**Your goal**
I'd like an exact copy of only the lines from the start of the listing below through the line that holds "#307 = CARTESIAN_POINT". Please keep the pictures out.
(Study material)
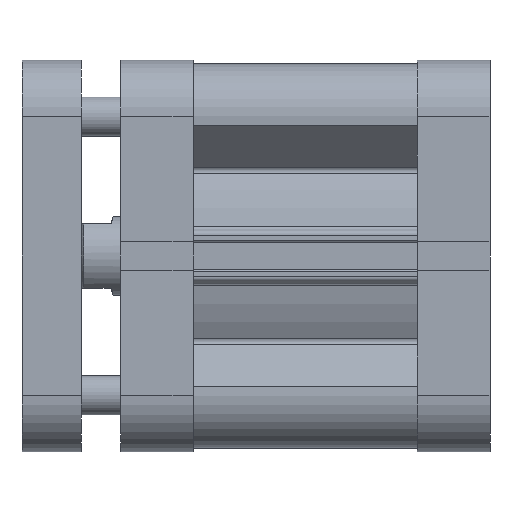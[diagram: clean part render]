
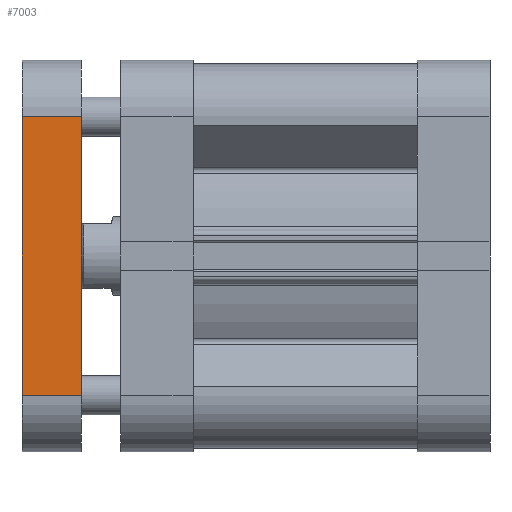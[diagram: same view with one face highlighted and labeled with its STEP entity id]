
A CAD part, front view. The second image highlights one B-rep face of the part: STEP entity #7003.
In plain terms, the highlighted planar face has unit normal (0, -1, 0).
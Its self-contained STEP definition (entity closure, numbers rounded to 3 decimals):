
#305 = CARTESIAN_POINT ( 'NONE',  ( -15.821, -39.75, 28.25 ) ) ;
#307 = CARTESIAN_POINT ( 'NONE',  ( -15.821, -39.75, -28.25 ) ) ;
#333 = CARTESIAN_POINT ( 'NONE',  ( -27.821, -39.75, 28.25 ) ) ;
#334 = CARTESIAN_POINT ( 'NONE',  ( -27.821, -39.75, -28.25 ) ) ;
#559 = ORIENTED_EDGE ( 'NONE', *, *, #1764, .T. ) ;
#590 = ORIENTED_EDGE ( 'NONE', *, *, #1778, .T. ) ;
#612 = ORIENTED_EDGE ( 'NONE', *, *, #1783, .T. ) ;
#668 = ORIENTED_EDGE ( 'NONE', *, *, #1755, .T. ) ;
#1020 = EDGE_LOOP ( 'NONE', ( #668, #590, #559, #612 ) ) ;
#1209 = VERTEX_POINT ( 'NONE', #334 ) ;
#1210 = VERTEX_POINT ( 'NONE', #333 ) ;
#1215 = VERTEX_POINT ( 'NONE', #307 ) ;
#1216 = VERTEX_POINT ( 'NONE', #305 ) ;
#1755 = EDGE_CURVE ( 'NONE', #1215, #1216, #8730, .T. ) ;
#1764 = EDGE_CURVE ( 'NONE', #1210, #1209, #8740, .T. ) ;
#1778 = EDGE_CURVE ( 'NONE', #1216, #1210, #8769, .T. ) ;
#1783 = EDGE_CURVE ( 'NONE', #1209, #1215, #8768, .T. ) ;
#2282 = AXIS2_PLACEMENT_3D ( 'NONE', #5224, #5231, #5232 ) ;
#4488 = FACE_OUTER_BOUND ( 'NONE', #1020, .T. ) ;
#5221 = PLANE ( 'NONE',  #2282 ) ;
#5224 = CARTESIAN_POINT ( 'NONE',  ( 40.394, -39.75, 0. ) ) ;
#5231 = DIRECTION ( 'NONE',  ( 0., 1., 0. ) ) ;
#5232 = DIRECTION ( 'NONE',  ( 0., 0., 1. ) ) ;
#7003 = ADVANCED_FACE ( 'NONE', ( #4488 ), #5221, .F. ) ;
#8726 = VECTOR ( 'NONE', #9851, 1000. ) ;
#8730 = LINE ( 'NONE', #9850, #8726 ) ;
#8740 = LINE ( 'NONE', #9874, #8745 ) ;
#8745 = VECTOR ( 'NONE', #9875, 1000. ) ;
#8764 = VECTOR ( 'NONE', #9922, 1000. ) ;
#8768 = LINE ( 'NONE', #9921, #8764 ) ;
#8769 = LINE ( 'NONE', #9909, #8770 ) ;
#8770 = VECTOR ( 'NONE', #9910, 1000. ) ;
#9850 = CARTESIAN_POINT ( 'NONE',  ( -15.821, -39.75, 0. ) ) ;
#9851 = DIRECTION ( 'NONE',  ( 0., 0., 1. ) ) ;
#9874 = CARTESIAN_POINT ( 'NONE',  ( -27.821, -39.75, 0. ) ) ;
#9875 = DIRECTION ( 'NONE',  ( 0., 0., -1. ) ) ;
#9909 = CARTESIAN_POINT ( 'NONE',  ( 40.394, -39.75, 28.25 ) ) ;
#9910 = DIRECTION ( 'NONE',  ( -1., 0., 0. ) ) ;
#9921 = CARTESIAN_POINT ( 'NONE',  ( -15.821, -39.75, -28.25 ) ) ;
#9922 = DIRECTION ( 'NONE',  ( 1., 0., 0. ) ) ;
(End Study material)
**Response**
[diagram: clean part render]
[diagram: same view with one face highlighted and labeled with its STEP entity id]
A CAD part, front view. The second image highlights one B-rep face of the part: STEP entity #7003.
In plain terms, the highlighted planar face has unit normal (0, -1, 0).
Its self-contained STEP definition (entity closure, numbers rounded to 3 decimals):
#305 = CARTESIAN_POINT ( 'NONE',  ( -15.821, -39.75, 28.25 ) ) ;
#307 = CARTESIAN_POINT ( 'NONE',  ( -15.821, -39.75, -28.25 ) ) ;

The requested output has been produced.